Utility /sbin/storage_util

This is a QNAP management tool. Already from the help you can tell that this is a Swiss Army knife of NAS control. And also, as far as I know, the only way to mount disks. The init script /etc/init.d/init_lvm.sh is used for this.

[~] # cat /etc/init.d/init_lvm.sh                                                                                                                       #!/bin/sh                                                                                             
echo Changing old config name...
mv /etc/config/ssdcache.conf /etc/config/ssdcache.initlvm
mv /etc/config/qlvm.conf /etc/config/qlvm.initlvm
ha_enabled=`/sbin/getcfg "Global" "ha_enabled" -d "no" -f /etc/config/ha/qha.conf`
if [ "x$ha_enabled" = "xno" ]; then
    mv /etc/config/qdrbd.conf /etc/config/qdrbd.initlvm
fi
mv /etc/config/raid.conf /etc/config/raid.initlvm
echo Reinitialing...
/sbin/storage_util --sys_startup
/sbin/storage_util --sys_startup_p2
echo Done
echo

mdadm

This is a standard Linux utility for managing software RAID. Therefore I'm just mentioning it here.

mdadm -D /dev/md1
mdadm -E /dev/sda3
# and so on :)

Meaning of partitions and paths

The meaning of each partition is summarized in the following snippet. Data is always stored on /dev/sdx3, the meaning of the other partitions can be deduced.

/dev/md1 = Data
/dev/md9 = Configuration, update and root perhaps?
/dev/md13 = Web interface engine and other OS extension
/dev/md256 = Swap
/dev/md321 = Swap (unmounted) it is used in some way?

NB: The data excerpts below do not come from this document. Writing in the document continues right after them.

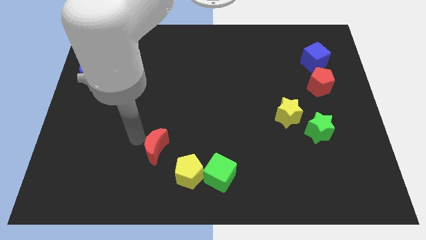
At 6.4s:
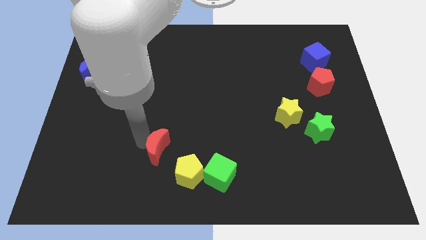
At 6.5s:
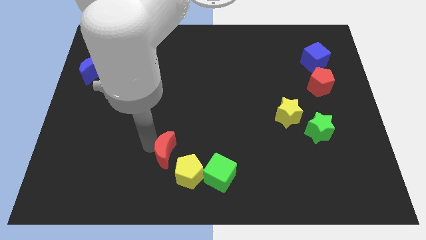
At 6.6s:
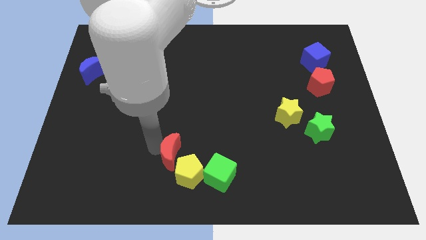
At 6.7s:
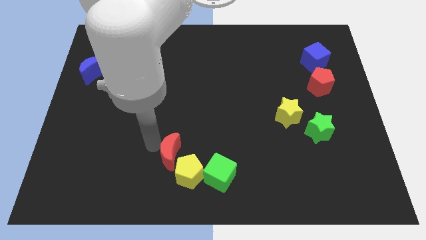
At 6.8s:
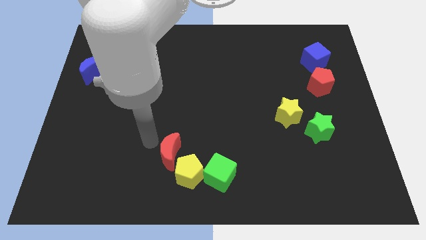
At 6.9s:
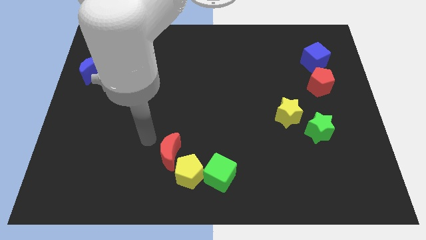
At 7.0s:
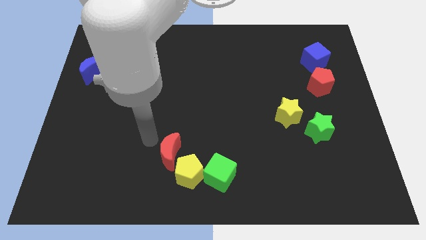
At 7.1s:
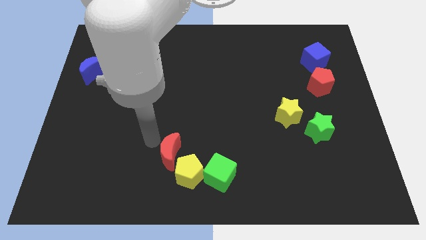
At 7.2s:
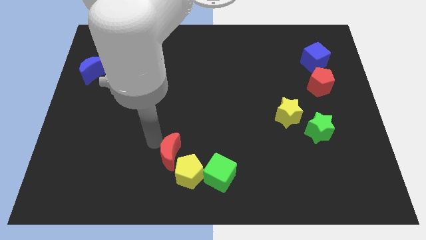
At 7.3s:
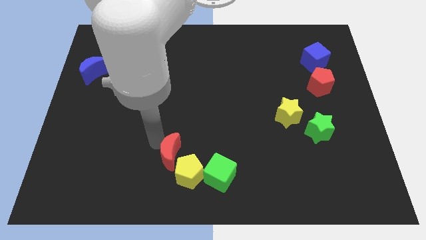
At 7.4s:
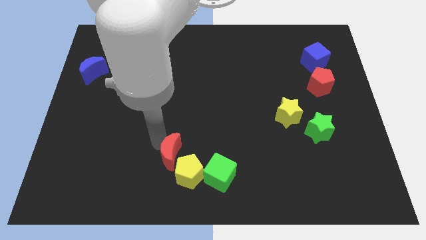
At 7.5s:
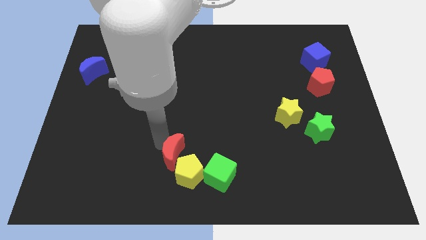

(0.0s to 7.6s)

https://forum.qnap.com/viewtopic.php?p=503108#p503108

And for the sake of completeness, important paths.

# Shared folder data location
/share/CACHEDEV1_DATA

# External (USB) drives location (example)
/share/external/DEV3302_1

Conclusion

When I was troubleshooting this failure, I read a lot of advice and recommendations. One thing stuck in my mind: "recovery should not be a strategy". And indeed - if the data had been backed up, everything would have been so much easier.

It is also important to highlight how complicated extracting data from QNAP's RAID1 was. Personally, I believed that it would be sufficient to connect the drive to Linux and cast a spell with mdadm. I was surprised on this one.

And one last little thing - make a backup of your system configuration.